● **Your instructions**: In this exercise, retype exactly the lines from the start of the entries through the line bearing "The letters look", leaving every picture out.

+===+

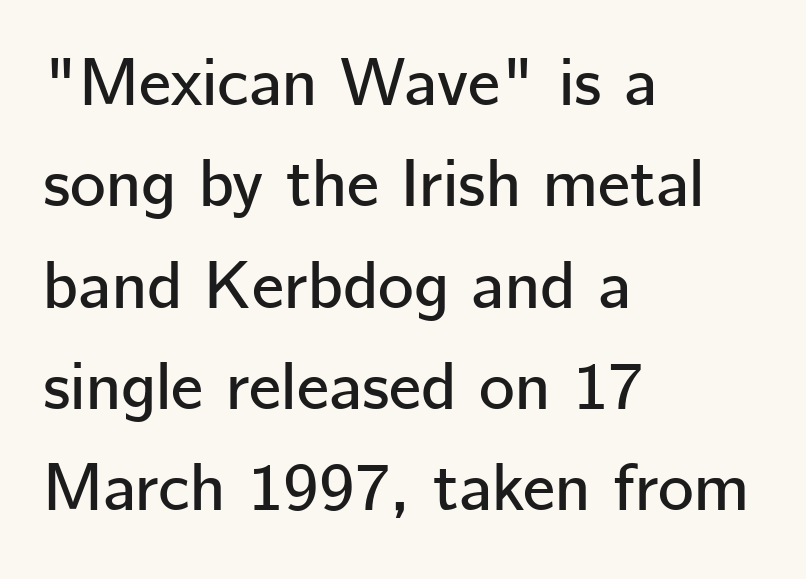
{"serif": "no", "italic": "no", "width": "normal", "stroke_contrast": "low", "x_height": "medium", "monospaced": "no", "underline": "no", "align": "left", "line_spacing": "normal", "line_spacing_ratio": 1.49, "letter_spacing": "normal", "letter_spacing_em": 0.0, "glyph_px": 68}
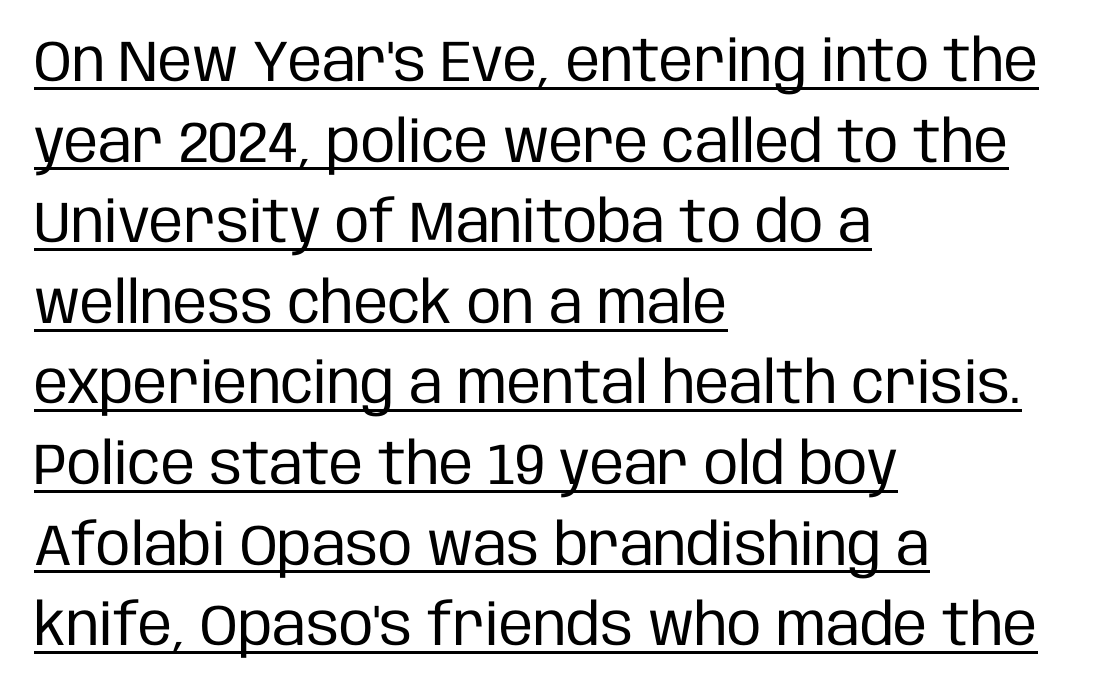
The letters look calm and open, with moderate or lighter stems. Descenders here cross a horizontal rule under the line. Observe the absence of serifs on each vertical stroke in this sample. Posture: vertical. Line beginnings align vertically; line endings do not.
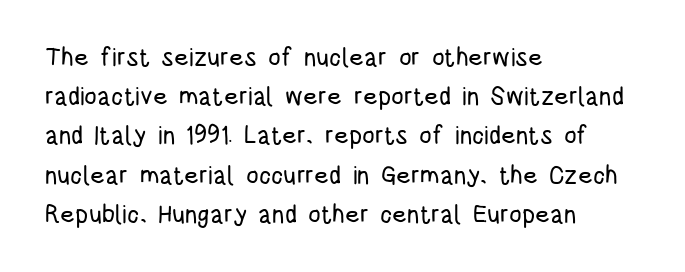
{"italic": "no", "underline": "no", "align": "left", "line_spacing": "normal", "line_spacing_ratio": 1.57, "letter_spacing": "normal", "letter_spacing_em": 0.0, "glyph_px": 25}
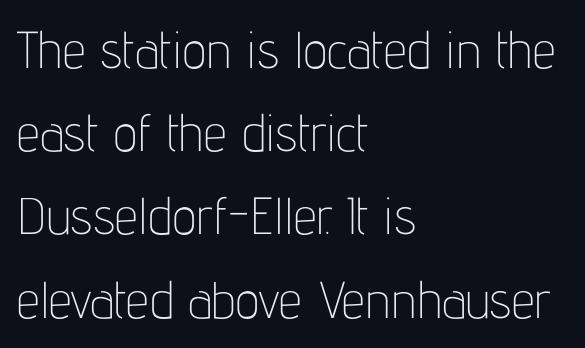
The strokes carry an ordinary text weight at most. These lines are rendered in a variable-pitch font. To sum up the face: it is a sans, with no serifs. In CSS terms this would be text-align: left.
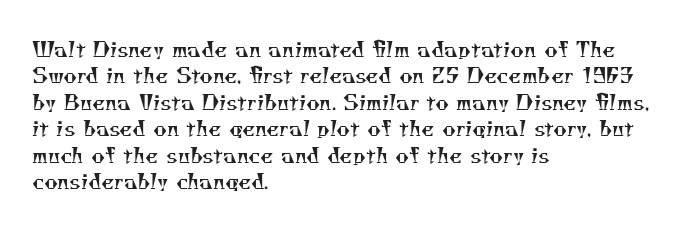
The image shows 21 px text type; set left-aligned, normal line spacing (1.26x), normal letter spacing, not underlined.
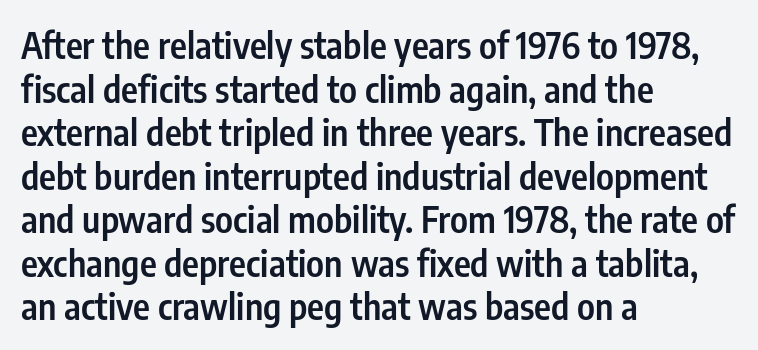
Q: Is the text bold? A: Semi-bold.
Q: Is the text italic (slanted)? A: No, it is upright.
Q: Is the typeface a serif or a sans-serif typeface? A: Sans-serif.
Q: Is the text underlined? A: No.
Q: How is the paragraph aligned? A: Left-aligned.
Q: Is the spacing between letters normal or unusually wide? A: Normal.
Q: Width (condensed, normal, or wide)? A: Condensed.
Q: Stroke contrast? A: Low.
Q: x-height? A: Medium.
Q: Monospaced? A: No.
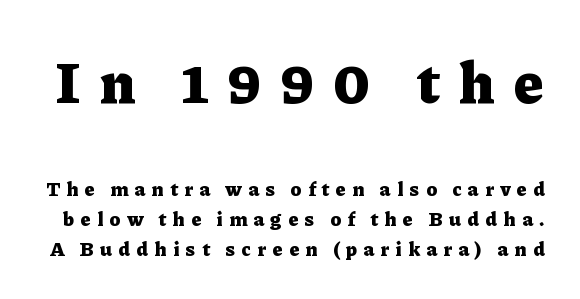
The image shows 60 px heavy serif type, upright; set normal line spacing (1.49x), unusually wide letter spacing (+0.33 em), not underlined; the first (top) block is 3.0x larger; low stroke contrast and a medium x-height.
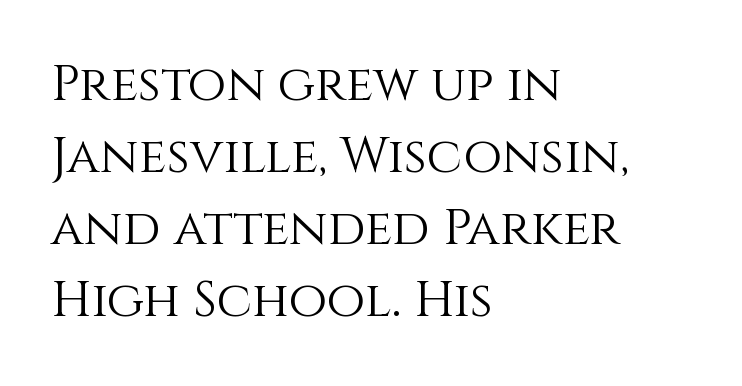
No word sits above an underline. Each new line begins a customary step beneath the previous one. The font sits on the lighter half of the weight spectrum, regular included. Do the characters align in a grid? No, the font is proportional. The lettering holds an erect, upright posture throughout.
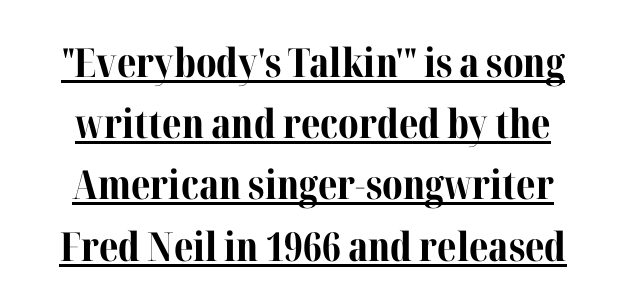
Q: Is the text bold? A: Yes.
Q: Is the text italic (slanted)? A: No, it is upright.
Q: Is the typeface a serif or a sans-serif typeface? A: Serif.
Q: Is the text underlined? A: Yes.
Q: Is the spacing between letters normal or unusually wide? A: Normal.
Q: Is the spacing between lines tight, normal or loose? A: Normal.
Q: Width (condensed, normal, or wide)? A: Normal.
Q: Stroke contrast? A: Medium.
Q: x-height? A: Medium.
Q: Monospaced? A: No.

+===+

● **Result**:
{"serif": "no", "italic": "no", "width": "normal", "stroke_contrast": "low", "x_height": "medium", "monospaced": "no", "underline": "no", "align": "left", "line_spacing": "normal", "line_spacing_ratio": 1.49, "letter_spacing": "normal", "letter_spacing_em": 0.0, "glyph_px": 68}
The letters look calm and open, with moderate or lighter stems. Descenders here cross a horizontal rule under the line. Observe the absence of serifs on each vertical stroke in this sample. Posture: vertical. Line beginnings align vertically; line endings do not.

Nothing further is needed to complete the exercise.